4. Relative precision

When the offset error and the gain error are adjusted to zero, the linearity of the input and output of the converter is related. The converter with good relative accuracy means that the linearity error is within 0.5 LSB. The accuracy of A / D used in the crane system should be within 0.5 LSB.

5. Quantization Error

The quantization error is related to the uncertainty of 0.5LSB, which is inevitable in the A / D converter. In general, the digital code indicates the middle of the 1LSB. In order to reduce the quantization error, it is a good idea to increase the resolution. Although guaranteed to be within 1LSB, converters with quantization errors from high-speed A / D converters to 2LSBs are also used. However, it is often lower than this due to digital noise rather than this. However, the accumulator system is designed to be within 1LSB by reinforcement of the filter circuit.

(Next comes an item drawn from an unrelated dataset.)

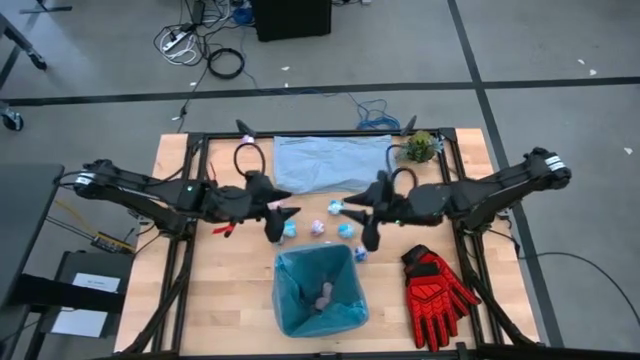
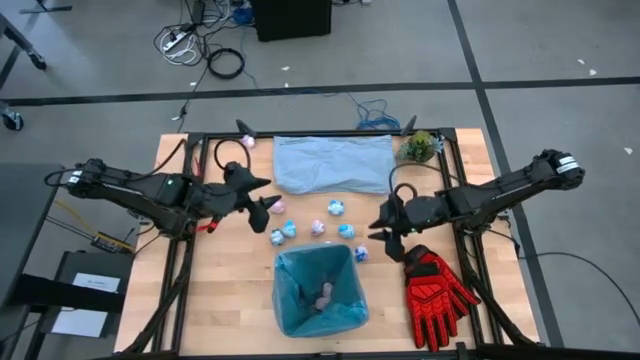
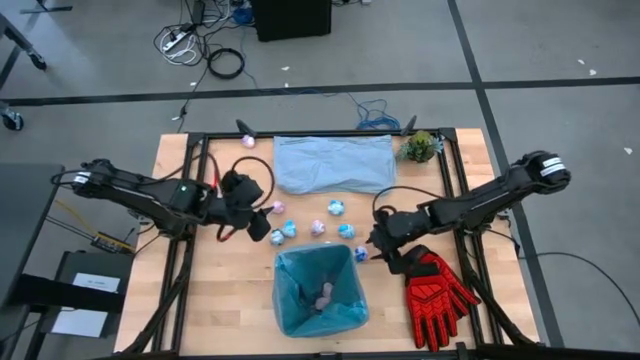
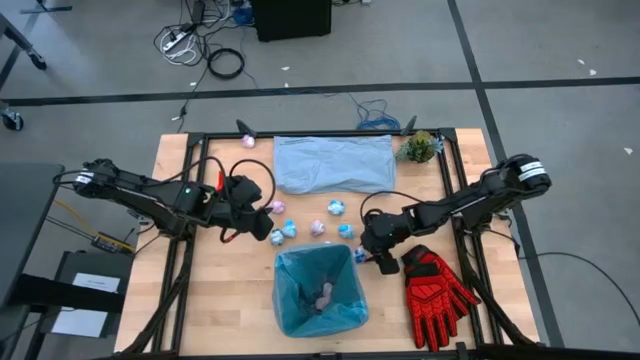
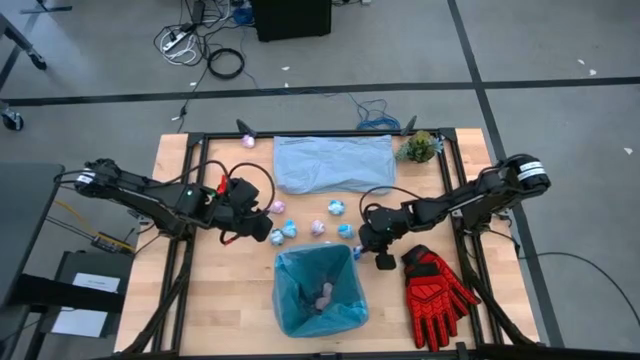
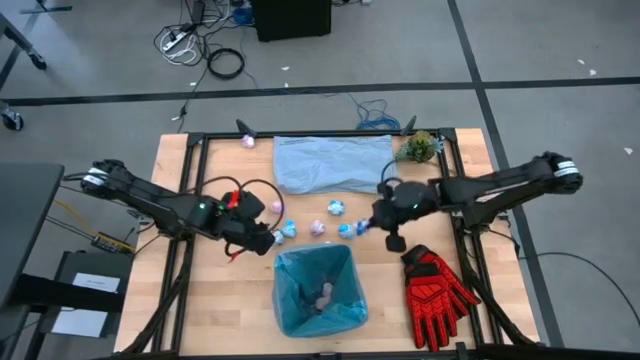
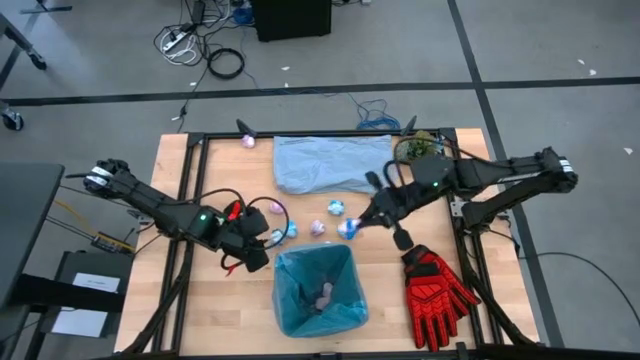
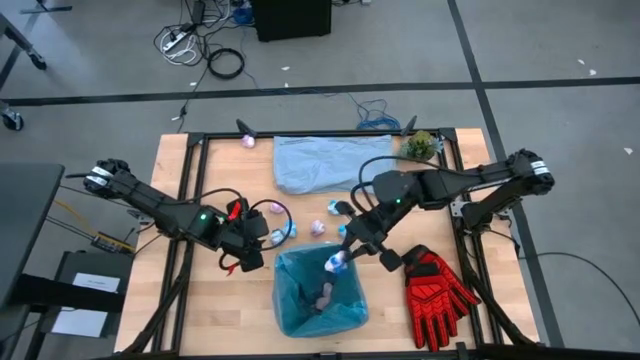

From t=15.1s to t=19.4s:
Put the pink crumbled trash bag into the trash bin

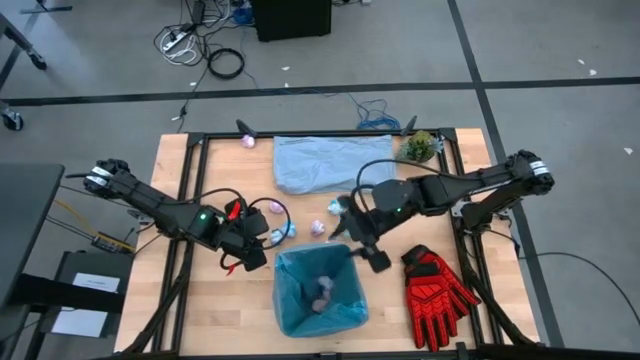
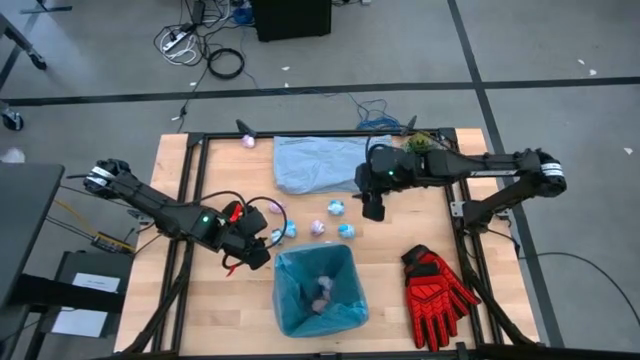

6. Differential nonlinearity error

It is defined as the difference between any bit size and the theoretical bit size at any point in the conversion range. Therefore, in the A / D converter that defines the differential nonlinearity of 0.5 LSB, the bit size is within 0.5LSB or 1LSB at any point of the conversion output.

7. Monotonic increase error

When the input is increased or decreased continuously over the entire conversion range, the output also increases or decreases accordingly. To satisfy this monotonic increase, it is necessary that the differential nonlinearity is less than 1LSB.

8. Offset error

Analog input is zero in A / D converter In D / A converter, even if digital input is zero, the percentage of the full scale value of the output when the output does not become zero due to the internal factors of the converter or the power supply voltage. Say). The offset error is an error that almost exists not only in A / D but also in analog device circuits. Therefore, a method of designing a power supply ground and a device having a small offset error is required to prevent an offset error. If this offset error occurs, it is necessary to perform analog correction or software correction by algorithm in firmware. The offset error of the accumulator system is guaranteed to be within 30uV.

9. Gain Error

In A / D converter, the error rate of input voltage for digital output to become full scale value. In general, the error from the gain amplifier and the scaling factor to amplify it cannot be avoided. Therefore, it is necessary to design with high precision devices, and the error of the accumulator system eliminates the gain error by hardware and firmware.

4 is a graph illustrating an error occurring during A / D conversion. As shown in FIG. 4, offset error, linearity error, and gain error are the biggest factors that influence performance of the A / D changer.

10. A / D conversion time

The A / D conversion time is the time required for all digital outputs to complete after the signal is selected and the conversion start signal is given. In case of successive comparison A / D converter, in order for A / D conversion to be processed in synchronization with the clock, it shows the process until the status output of End of Conversion (EOC) appears after the bit of LSB is displayed at the MSB after the start. .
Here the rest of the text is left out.